■ Extracted material:

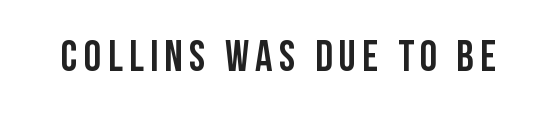
{"serif": "no", "italic": "no", "width": "condensed", "stroke_contrast": "low", "x_height": "large", "monospaced": "no", "underline": "no", "glyph_px": 43}
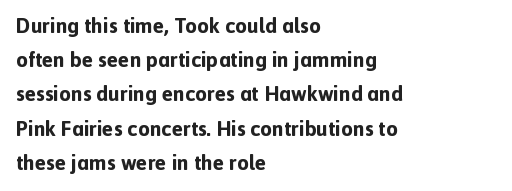
Q: Is the text bold? A: Yes.
Q: Is the text italic (slanted)? A: No, it is upright.
Q: Is the text underlined? A: No.
Q: How is the paragraph aligned? A: Left-aligned.
Q: Is the spacing between letters normal or unusually wide? A: Normal.
Q: Is the spacing between lines tight, normal or loose? A: Normal.
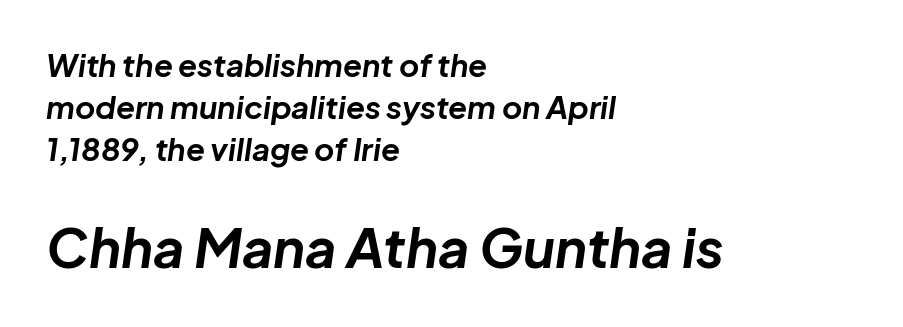
The image shows 54 px bold type, italic (leaning right); set left-aligned, normal line spacing (1.35x), normal letter spacing, not underlined; the second (bottom) block is 1.74x larger; low stroke contrast and a medium x-height.
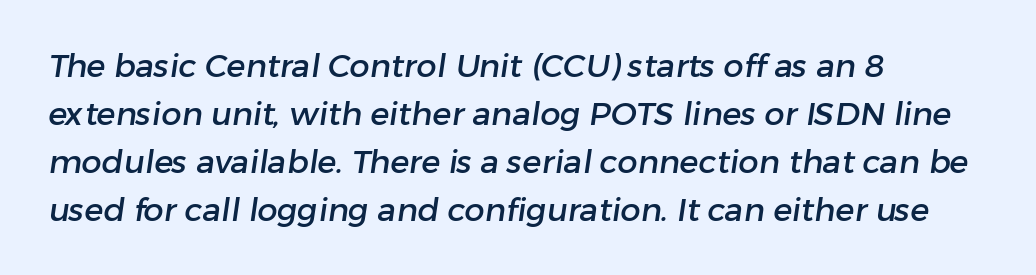
Q: Is the typeface a serif or a sans-serif typeface? A: Sans-serif.
Q: Is the text underlined? A: No.
Q: How is the paragraph aligned? A: Left-aligned.
Q: Is the spacing between letters normal or unusually wide? A: Normal.
Q: Is the spacing between lines tight, normal or loose? A: Normal.
Q: Width (condensed, normal, or wide)? A: Normal.
Q: Stroke contrast? A: Low.
Q: x-height? A: Medium.
Q: Monospaced? A: No.
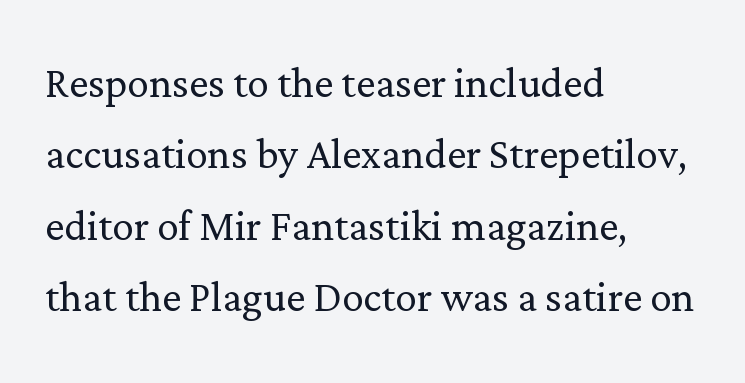
{"serif": "yes", "italic": "no", "bold": "no", "weight": "light", "width": "normal", "stroke_contrast": "low", "x_height": "medium", "monospaced": "no", "underline": "no", "align": "left", "line_spacing": "normal", "line_spacing_ratio": 1.32, "letter_spacing": "normal", "letter_spacing_em": 0.0, "glyph_px": 54}
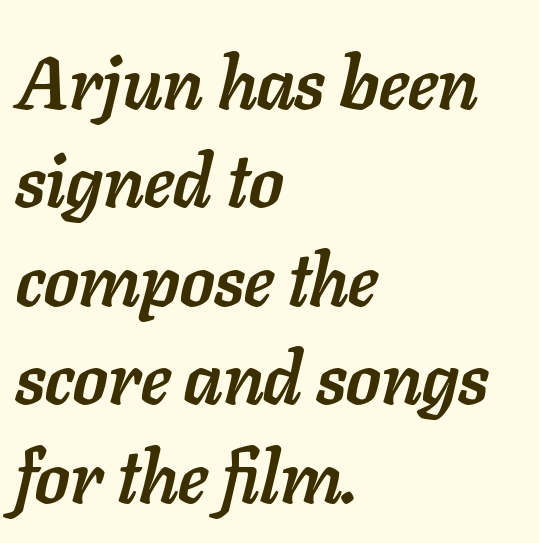
{"italic": "yes", "lean": "right", "slant_degrees": 11, "bold": "yes", "weight": "semibold", "width": "normal", "stroke_contrast": "low", "x_height": "medium", "monospaced": "no", "underline": "no", "align": "left", "line_spacing": "normal", "line_spacing_ratio": 1.33, "letter_spacing": "normal", "letter_spacing_em": 0.0, "glyph_px": 74}

■ About this exercise:
State how many lines above contain the string "condensed", with no other words.

■ Response to the task:
2